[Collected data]

-- Opening Marker --

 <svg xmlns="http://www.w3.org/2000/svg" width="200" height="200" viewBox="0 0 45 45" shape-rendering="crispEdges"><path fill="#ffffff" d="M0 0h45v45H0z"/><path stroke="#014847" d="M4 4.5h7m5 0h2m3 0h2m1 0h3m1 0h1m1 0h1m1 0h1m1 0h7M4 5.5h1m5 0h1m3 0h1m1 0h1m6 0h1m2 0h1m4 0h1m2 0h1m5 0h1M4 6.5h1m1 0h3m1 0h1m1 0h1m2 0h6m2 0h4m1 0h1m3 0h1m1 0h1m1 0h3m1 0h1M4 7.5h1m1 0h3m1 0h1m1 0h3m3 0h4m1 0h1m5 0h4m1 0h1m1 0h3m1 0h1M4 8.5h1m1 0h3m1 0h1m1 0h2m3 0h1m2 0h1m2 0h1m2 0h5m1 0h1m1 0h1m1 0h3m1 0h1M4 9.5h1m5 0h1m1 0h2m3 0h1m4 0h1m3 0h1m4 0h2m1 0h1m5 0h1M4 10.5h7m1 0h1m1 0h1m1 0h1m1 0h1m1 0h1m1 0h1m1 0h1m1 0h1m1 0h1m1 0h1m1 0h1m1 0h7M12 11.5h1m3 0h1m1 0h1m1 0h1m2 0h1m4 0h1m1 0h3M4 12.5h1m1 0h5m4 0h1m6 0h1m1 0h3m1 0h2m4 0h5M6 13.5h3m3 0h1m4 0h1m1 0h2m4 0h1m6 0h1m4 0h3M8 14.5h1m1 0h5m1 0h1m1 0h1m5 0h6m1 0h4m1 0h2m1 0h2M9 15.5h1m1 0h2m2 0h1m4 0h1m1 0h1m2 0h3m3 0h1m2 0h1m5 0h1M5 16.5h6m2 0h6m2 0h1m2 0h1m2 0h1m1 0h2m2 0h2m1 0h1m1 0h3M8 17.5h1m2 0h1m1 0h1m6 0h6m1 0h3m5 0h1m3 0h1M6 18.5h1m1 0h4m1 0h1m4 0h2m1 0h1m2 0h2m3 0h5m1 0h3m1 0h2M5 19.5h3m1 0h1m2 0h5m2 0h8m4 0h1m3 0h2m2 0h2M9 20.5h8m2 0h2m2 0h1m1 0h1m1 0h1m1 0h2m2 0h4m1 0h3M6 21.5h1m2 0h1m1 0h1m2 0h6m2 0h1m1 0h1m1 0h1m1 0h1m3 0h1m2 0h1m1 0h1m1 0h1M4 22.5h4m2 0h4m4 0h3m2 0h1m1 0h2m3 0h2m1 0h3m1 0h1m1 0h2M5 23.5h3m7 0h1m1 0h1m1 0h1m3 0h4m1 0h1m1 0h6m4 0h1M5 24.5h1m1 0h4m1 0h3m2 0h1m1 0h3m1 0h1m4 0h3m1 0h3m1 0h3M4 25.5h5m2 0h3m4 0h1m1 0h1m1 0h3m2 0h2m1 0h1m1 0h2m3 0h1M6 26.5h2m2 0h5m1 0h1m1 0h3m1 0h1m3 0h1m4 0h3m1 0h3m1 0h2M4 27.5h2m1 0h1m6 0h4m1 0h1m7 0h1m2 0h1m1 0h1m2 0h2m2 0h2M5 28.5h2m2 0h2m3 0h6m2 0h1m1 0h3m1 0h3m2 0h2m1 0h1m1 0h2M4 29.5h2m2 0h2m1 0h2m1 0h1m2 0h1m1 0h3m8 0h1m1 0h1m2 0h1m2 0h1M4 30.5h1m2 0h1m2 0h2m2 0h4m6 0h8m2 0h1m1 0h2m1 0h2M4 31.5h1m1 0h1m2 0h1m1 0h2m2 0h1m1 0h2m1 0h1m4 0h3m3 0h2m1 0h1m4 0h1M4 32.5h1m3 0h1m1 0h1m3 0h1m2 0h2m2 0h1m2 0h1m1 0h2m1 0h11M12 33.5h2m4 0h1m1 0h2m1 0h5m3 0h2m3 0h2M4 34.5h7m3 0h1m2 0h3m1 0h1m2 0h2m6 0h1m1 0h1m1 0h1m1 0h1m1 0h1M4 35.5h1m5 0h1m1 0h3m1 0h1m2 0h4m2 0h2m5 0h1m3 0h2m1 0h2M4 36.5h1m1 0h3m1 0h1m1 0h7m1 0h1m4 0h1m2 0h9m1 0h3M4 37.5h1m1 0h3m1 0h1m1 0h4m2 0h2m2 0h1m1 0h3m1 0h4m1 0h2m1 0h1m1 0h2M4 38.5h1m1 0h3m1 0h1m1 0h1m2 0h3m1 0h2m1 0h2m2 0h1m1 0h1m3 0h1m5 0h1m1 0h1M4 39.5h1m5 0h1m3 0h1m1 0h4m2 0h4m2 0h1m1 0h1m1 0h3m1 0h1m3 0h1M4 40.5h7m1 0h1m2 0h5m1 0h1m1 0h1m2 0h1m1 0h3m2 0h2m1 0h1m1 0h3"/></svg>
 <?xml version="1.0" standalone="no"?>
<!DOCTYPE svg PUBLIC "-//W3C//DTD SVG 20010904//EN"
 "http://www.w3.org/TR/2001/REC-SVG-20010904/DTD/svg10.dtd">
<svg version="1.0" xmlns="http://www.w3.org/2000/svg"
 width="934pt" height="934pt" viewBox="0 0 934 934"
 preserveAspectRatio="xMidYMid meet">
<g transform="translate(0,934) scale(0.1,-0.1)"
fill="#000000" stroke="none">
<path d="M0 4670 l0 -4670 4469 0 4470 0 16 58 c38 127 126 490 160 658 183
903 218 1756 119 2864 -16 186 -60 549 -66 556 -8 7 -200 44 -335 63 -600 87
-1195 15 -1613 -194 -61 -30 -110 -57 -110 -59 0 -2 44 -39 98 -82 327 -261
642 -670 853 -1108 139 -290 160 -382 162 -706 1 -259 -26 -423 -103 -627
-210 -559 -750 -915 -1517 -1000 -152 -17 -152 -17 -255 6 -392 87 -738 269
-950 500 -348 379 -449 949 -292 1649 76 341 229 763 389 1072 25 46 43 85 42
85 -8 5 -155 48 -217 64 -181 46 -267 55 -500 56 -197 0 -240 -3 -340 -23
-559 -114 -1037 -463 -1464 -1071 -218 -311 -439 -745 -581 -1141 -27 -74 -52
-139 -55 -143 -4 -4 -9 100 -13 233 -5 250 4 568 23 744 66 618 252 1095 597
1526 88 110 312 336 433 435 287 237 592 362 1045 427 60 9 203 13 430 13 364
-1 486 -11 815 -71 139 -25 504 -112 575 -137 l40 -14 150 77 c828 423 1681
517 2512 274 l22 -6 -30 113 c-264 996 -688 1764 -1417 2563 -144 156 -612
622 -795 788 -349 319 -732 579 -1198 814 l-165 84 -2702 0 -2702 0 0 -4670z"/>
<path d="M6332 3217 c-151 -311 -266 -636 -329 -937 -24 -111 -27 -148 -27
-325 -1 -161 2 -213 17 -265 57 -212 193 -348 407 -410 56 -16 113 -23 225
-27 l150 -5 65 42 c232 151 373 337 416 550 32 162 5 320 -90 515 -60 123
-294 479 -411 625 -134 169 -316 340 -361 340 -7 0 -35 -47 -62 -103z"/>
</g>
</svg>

-- Closing Marker --

Look above for the line containing "642 -670 853". Output from there through the line containing "-559 -114 -1037", exactly and inclusively.

642 -670 853 -1108 139 -290 160 -382 162 -706 1 -259 -26 -423 -103 -627
-210 -559 -750 -915 -1517 -1000 -152 -17 -152 -17 -255 6 -392 87 -738 269
-950 500 -348 379 -449 949 -292 1649 76 341 229 763 389 1072 25 46 43 85 42
85 -8 5 -155 48 -217 64 -181 46 -267 55 -500 56 -197 0 -240 -3 -340 -23
-559 -114 -1037 -463 -1464 -1071 -218 -311 -439 -745 -581 -1141 -27 -74 -52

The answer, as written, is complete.